::: Given entries :::
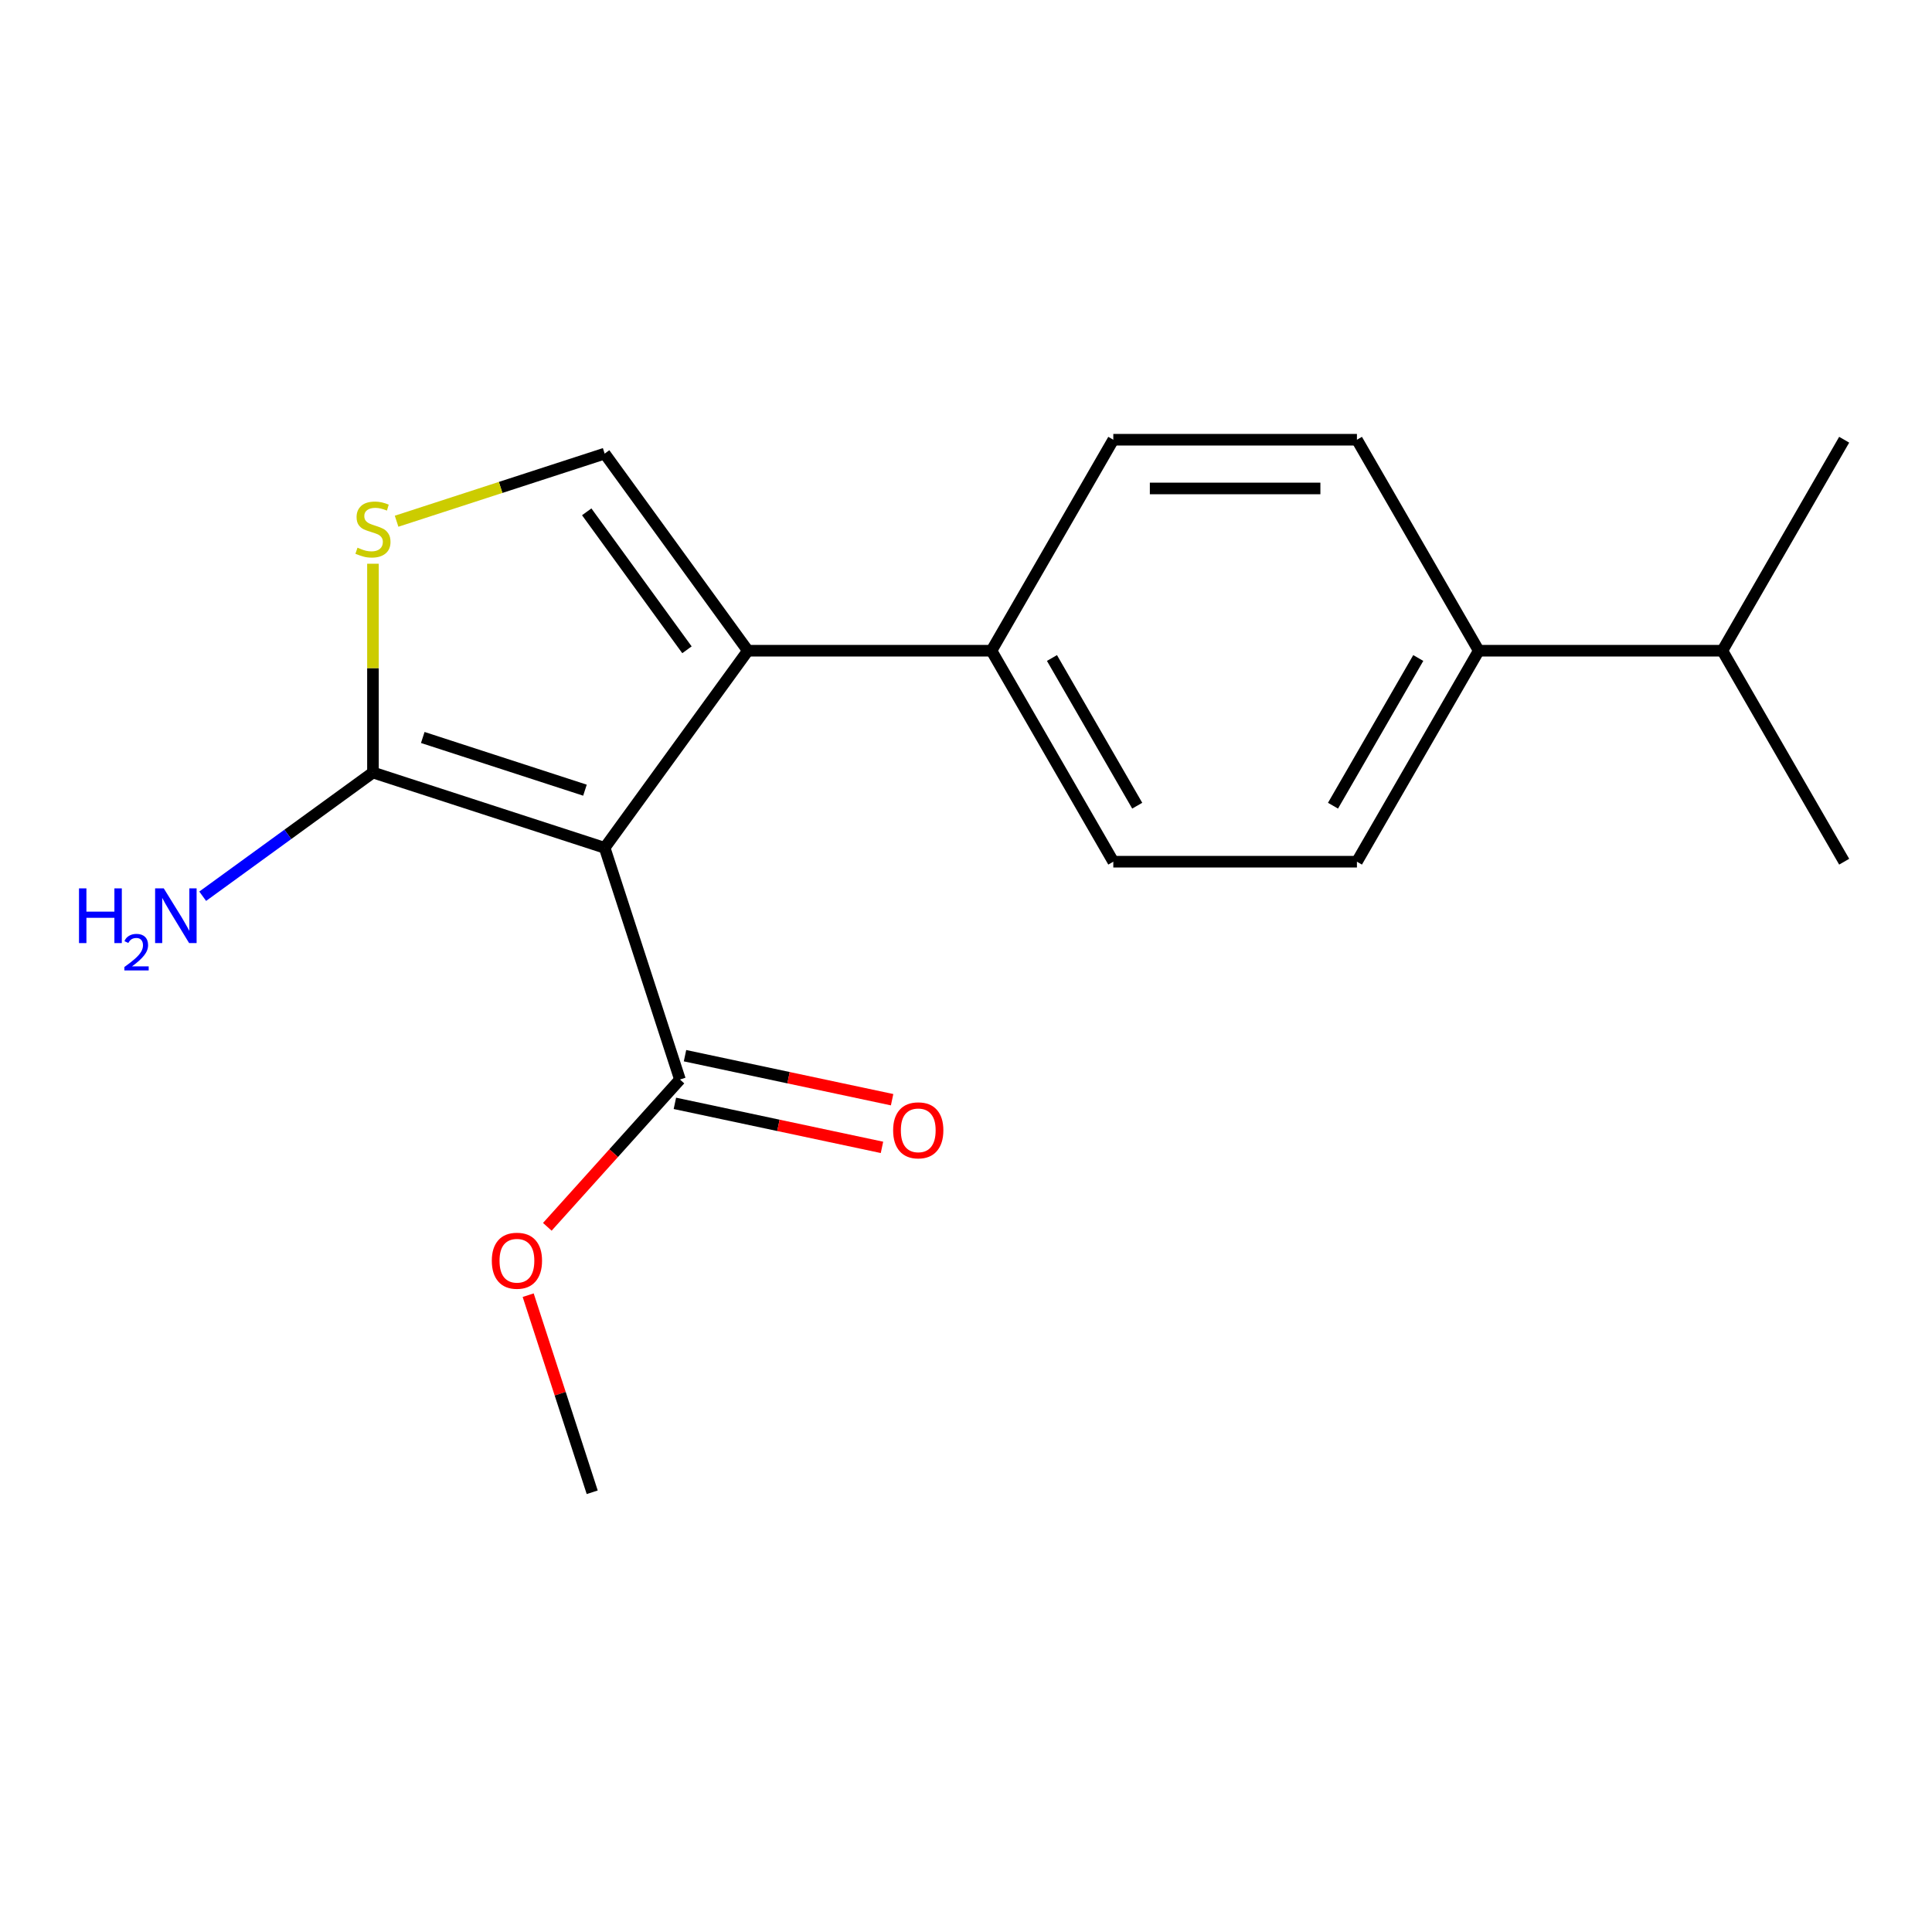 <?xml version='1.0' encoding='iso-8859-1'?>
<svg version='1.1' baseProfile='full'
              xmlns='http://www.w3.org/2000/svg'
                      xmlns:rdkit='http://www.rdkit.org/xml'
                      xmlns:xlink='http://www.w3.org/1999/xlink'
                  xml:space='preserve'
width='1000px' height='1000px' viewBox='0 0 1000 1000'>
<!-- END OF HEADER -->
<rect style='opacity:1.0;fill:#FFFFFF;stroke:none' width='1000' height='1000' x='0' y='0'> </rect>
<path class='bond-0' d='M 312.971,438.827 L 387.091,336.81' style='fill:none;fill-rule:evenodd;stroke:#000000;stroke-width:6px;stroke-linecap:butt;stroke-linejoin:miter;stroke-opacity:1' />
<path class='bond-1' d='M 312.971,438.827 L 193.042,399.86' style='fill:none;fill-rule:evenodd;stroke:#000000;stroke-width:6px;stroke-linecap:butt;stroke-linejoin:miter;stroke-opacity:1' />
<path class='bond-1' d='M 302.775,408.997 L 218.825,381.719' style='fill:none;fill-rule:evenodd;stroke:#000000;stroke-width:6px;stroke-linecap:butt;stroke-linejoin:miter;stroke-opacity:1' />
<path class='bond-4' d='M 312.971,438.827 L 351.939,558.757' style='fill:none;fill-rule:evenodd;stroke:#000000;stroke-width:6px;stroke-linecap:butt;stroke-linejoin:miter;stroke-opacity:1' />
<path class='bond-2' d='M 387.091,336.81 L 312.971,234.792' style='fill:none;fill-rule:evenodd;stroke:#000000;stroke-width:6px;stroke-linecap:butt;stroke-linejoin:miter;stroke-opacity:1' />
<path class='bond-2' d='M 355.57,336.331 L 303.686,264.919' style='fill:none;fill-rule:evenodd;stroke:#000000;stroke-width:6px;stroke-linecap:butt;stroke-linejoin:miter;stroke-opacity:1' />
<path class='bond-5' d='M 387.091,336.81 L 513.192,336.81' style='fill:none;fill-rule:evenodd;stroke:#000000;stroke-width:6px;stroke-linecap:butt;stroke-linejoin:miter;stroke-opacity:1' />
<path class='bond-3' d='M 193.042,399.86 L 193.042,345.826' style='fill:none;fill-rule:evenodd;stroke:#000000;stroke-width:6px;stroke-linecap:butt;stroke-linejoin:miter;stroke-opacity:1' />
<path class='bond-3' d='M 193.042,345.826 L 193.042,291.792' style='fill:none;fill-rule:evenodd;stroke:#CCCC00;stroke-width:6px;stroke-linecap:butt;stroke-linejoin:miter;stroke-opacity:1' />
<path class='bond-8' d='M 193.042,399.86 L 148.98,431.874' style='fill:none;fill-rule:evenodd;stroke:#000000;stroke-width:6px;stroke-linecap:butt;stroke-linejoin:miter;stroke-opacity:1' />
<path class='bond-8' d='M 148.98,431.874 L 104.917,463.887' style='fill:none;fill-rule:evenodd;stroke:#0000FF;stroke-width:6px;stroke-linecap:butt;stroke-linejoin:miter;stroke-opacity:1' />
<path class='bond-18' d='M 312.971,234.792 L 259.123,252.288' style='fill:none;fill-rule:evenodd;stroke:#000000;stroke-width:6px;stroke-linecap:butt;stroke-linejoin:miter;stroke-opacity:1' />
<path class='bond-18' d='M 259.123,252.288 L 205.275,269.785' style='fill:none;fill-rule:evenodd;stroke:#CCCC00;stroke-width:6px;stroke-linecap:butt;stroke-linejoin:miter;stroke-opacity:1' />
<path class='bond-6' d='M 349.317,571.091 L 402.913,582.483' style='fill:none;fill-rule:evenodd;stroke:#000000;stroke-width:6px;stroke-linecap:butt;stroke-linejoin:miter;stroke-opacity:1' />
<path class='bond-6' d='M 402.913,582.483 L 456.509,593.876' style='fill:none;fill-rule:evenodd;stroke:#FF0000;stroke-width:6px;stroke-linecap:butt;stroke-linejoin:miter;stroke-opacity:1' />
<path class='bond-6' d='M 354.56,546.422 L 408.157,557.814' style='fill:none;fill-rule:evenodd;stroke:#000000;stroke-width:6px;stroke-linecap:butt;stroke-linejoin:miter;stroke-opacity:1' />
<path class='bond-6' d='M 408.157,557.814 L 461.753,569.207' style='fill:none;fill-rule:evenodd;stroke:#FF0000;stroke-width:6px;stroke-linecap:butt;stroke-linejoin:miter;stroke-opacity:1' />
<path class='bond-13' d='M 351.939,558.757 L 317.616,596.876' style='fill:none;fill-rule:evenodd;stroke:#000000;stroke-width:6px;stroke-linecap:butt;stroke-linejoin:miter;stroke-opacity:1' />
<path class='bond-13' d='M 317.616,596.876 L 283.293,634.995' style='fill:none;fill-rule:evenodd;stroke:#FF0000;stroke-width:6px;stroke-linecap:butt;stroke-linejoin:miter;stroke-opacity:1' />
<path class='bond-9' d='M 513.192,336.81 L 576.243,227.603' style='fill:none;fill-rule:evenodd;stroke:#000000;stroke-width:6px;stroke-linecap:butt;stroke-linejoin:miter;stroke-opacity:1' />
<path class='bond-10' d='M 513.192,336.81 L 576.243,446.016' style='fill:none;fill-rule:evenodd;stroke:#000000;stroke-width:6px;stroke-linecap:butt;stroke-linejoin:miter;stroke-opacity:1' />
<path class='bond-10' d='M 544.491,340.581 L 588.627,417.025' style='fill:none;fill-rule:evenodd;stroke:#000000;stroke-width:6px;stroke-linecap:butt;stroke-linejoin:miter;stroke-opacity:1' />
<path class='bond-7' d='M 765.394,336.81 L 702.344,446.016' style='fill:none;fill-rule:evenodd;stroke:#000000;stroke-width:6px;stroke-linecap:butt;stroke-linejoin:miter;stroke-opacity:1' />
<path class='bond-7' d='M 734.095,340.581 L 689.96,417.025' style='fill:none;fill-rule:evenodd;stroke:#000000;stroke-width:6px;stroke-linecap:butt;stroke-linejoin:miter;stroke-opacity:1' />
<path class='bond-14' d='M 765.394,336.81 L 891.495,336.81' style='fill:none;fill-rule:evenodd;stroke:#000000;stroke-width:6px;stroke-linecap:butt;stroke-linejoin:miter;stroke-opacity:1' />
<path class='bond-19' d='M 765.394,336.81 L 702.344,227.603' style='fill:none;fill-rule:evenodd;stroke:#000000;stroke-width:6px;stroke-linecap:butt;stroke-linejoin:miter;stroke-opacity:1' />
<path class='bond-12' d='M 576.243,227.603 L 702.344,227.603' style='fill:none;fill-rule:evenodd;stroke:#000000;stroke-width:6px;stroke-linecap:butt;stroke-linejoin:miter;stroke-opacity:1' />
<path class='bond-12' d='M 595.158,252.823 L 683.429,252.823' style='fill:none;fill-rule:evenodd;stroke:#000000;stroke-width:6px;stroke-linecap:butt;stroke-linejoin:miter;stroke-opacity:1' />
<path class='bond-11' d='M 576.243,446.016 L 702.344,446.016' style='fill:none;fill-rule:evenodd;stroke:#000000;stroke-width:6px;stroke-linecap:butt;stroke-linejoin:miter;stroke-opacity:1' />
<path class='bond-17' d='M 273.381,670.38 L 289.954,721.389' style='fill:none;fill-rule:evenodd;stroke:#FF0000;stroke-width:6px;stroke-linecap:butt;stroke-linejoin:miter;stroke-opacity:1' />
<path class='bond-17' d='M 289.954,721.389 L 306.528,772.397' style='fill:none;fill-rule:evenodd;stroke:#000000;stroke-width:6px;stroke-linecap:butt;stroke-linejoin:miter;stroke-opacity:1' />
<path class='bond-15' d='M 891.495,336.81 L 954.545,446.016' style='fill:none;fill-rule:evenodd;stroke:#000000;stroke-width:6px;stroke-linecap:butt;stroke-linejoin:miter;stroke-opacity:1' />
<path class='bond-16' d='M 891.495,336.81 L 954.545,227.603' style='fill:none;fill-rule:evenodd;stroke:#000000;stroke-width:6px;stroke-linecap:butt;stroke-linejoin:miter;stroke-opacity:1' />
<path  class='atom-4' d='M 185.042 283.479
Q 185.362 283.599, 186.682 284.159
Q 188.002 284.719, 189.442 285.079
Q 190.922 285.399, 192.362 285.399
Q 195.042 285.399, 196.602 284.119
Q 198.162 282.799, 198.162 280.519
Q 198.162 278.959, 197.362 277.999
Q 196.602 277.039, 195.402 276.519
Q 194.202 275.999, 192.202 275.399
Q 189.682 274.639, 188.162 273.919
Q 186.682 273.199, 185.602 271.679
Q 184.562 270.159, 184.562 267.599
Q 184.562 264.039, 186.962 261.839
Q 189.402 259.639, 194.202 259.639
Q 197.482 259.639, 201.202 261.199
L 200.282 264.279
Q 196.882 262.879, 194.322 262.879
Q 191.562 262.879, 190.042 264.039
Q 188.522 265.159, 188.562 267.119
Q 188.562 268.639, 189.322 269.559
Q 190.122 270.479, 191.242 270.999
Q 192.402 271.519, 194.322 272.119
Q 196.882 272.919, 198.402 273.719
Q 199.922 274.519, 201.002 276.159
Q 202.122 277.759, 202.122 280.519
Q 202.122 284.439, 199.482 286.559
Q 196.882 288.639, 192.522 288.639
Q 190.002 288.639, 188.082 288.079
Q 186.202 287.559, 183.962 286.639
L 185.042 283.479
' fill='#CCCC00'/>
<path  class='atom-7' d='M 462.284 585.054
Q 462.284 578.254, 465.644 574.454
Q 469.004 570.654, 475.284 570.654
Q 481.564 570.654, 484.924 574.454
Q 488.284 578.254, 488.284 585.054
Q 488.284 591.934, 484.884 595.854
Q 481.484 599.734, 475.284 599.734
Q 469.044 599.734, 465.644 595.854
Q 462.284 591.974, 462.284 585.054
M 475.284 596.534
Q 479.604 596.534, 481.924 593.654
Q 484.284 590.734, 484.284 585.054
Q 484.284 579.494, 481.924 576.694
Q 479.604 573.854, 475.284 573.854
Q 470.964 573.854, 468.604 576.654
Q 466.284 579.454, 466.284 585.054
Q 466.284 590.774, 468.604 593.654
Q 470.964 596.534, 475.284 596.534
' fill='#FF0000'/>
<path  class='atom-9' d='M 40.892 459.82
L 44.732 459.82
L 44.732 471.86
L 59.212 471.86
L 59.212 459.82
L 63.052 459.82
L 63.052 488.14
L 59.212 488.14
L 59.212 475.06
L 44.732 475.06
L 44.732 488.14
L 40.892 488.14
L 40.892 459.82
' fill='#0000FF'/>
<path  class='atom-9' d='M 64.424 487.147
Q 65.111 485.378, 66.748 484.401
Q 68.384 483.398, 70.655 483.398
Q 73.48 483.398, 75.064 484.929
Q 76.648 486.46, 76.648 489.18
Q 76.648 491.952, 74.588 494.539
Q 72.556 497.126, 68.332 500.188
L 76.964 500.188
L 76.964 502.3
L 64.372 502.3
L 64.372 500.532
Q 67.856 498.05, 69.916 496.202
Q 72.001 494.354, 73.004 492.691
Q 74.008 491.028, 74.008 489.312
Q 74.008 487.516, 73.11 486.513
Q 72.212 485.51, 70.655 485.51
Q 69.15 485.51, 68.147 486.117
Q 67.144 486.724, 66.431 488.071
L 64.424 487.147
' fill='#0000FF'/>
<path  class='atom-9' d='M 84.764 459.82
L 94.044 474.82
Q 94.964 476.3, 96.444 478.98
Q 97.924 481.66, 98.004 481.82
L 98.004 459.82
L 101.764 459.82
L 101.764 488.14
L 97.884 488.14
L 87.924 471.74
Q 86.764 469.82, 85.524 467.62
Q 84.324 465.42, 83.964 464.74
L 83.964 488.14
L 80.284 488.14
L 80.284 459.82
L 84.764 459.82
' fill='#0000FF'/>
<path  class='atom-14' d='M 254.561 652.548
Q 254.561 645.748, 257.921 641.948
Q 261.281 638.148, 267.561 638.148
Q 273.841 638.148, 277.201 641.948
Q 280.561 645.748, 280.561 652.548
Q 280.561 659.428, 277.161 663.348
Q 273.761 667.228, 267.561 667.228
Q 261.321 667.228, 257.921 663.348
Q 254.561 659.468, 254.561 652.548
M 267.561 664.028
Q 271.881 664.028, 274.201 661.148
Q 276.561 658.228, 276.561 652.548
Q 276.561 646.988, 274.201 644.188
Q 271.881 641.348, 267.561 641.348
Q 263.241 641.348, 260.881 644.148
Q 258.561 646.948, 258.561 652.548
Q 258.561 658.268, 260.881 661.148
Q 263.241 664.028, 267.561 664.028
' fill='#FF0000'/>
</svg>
:::
::: Given entries :::
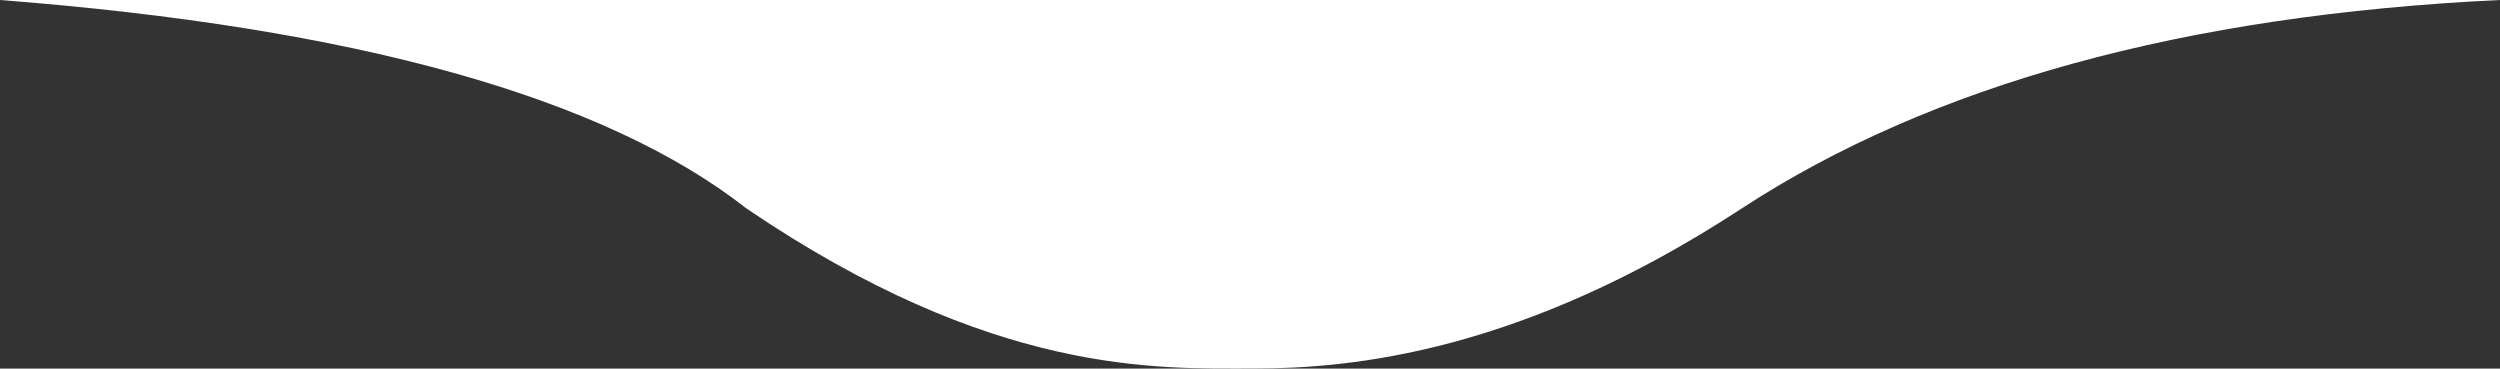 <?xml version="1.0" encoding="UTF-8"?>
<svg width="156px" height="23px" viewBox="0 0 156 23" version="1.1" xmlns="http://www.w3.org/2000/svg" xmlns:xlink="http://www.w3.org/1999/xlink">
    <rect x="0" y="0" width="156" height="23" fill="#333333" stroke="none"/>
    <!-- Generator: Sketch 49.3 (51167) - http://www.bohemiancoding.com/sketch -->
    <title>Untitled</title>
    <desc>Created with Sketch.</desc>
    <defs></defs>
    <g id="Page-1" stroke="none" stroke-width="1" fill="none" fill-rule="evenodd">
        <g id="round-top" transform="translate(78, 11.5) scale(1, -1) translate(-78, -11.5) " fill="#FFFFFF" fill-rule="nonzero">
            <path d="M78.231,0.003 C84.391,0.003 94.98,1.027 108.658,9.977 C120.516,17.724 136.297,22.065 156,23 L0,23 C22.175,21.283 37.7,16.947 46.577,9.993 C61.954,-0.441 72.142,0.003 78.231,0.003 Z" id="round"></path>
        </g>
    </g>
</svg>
:::
* [Goal of the exercise]: Across the entries, tally every line that contains the word "Sketch" and report the sum by itself.

* [Your solution]: 2